Embeddings: meaning as coordinates.
Keyword search fails when the user and the document use different words for the same idea ("reset password" vs "account recovery"). The fix is to represent meaning numerically. An embedding model turns a piece of text into a vector — a list of, say, 1,536 numbers — positioned so that texts with similar meaning land near each other in that space.
"reset my password" -> [ 0.02, -0.91, 0.33, ... ] --.
"recover account access"-> [ 0.04, -0.88, 0.31, ... ] --+-- close together
"chocolate cake recipe" -> [-0.77, 0.12, -0.50, ... ] -- far away
You do not interpret the individual numbers; no single dimension means "formality" or "topic." What matters is relative position: semantically similar text clusters, unrelated text is distant. This is the same embedding idea as in the Foundations section — here it is the engine of retrieval.
Vector search: nearest neighbours.
The retrieval pipeline becomes:
- Index (offline).
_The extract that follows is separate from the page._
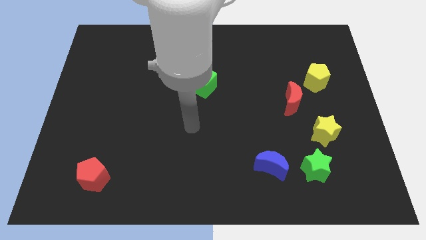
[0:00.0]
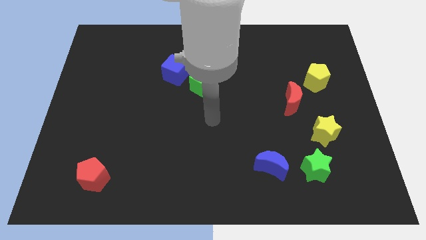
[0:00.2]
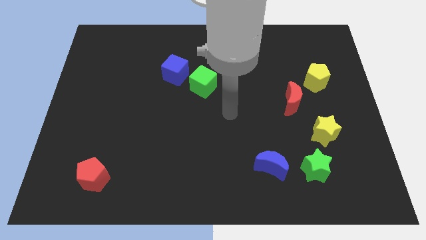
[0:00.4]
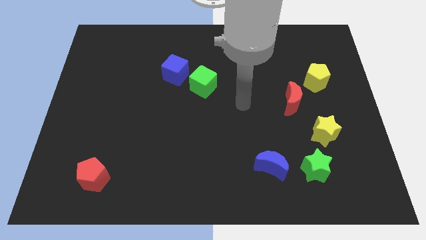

Chunk every document, embed each chunk, store the vectors in a vector database alongside the original text.
- Query (online). Embed the user's question with the same model, then find the stored vectors closest to it.
- Return. The top-k closest chunks' original text becomes the retrieved context for RAG.
"Closest" is measured by a similarity metric — most commonly cosine similarity, which compares the direction of two vectors (1.0 = same meaning, 0 = unrelated). At scale, exact nearest-neighbour search is too slow, so vector databases use approximate nearest-neighbour (ANN) indexes: slightly less exact, dramatically faster, almost always the right trade.
Query and documents must be embedded with the same model. Vectors from different models live in incompatible spaces; comparing them produces meaningless distances. If you change embedding models, you must re-embed the entire corpus.
Why pure vector search is not enough.
Semantic search has real blind spots, and knowing them is what separates a demo from a system:
- Exact tokens. Product codes, error numbers, names, an exact API symbol — embeddings smear these into "approximately similar," and "ERR_4012" vs "ERR_4021" can look close. Keyword/BM25 search is precise here. Production retrieval often uses hybrid search: combine keyword and vector results.
- Top-k is a tradeoff. Too small and the answer chunk is missed; too large and you flood the context with noise and trigger lost-in-the-middle. Common starting point is k=5, then tuned on real queries.
- Reranking. Vector search is fast but coarse. A common upgrade: retrieve a generous candidate set with ANN, then reorder it with a slower, more accurate reranker model and keep the top few. Cheap retrieval for recall, expensive reranking for precision.
- Evaluate retrieval on its own. Build a small set of questions with known correct chunks and measure: is the right chunk in the top-k? Most "the AI gave a wrong answer" bugs are actually "the right chunk was never retrieved" — and you can only see that if you measure retrieval separately from generation.
Deliverable
You understand why documents are chunked and that chunk size is a precision-versus-context tradeoff solved with overlap and structure-aware splitting. You can explain an embedding as text mapped to a vector where nearby means similar in meaning, and vector search as embedding the query with the same model and returning its nearest neighbours by cosine similarity (approximate at scale). You know pure semantic search misses exact tokens, so production uses hybrid search and reranking — and that the only way to trust retrieval is to evaluate it directly, separately from the generated answer.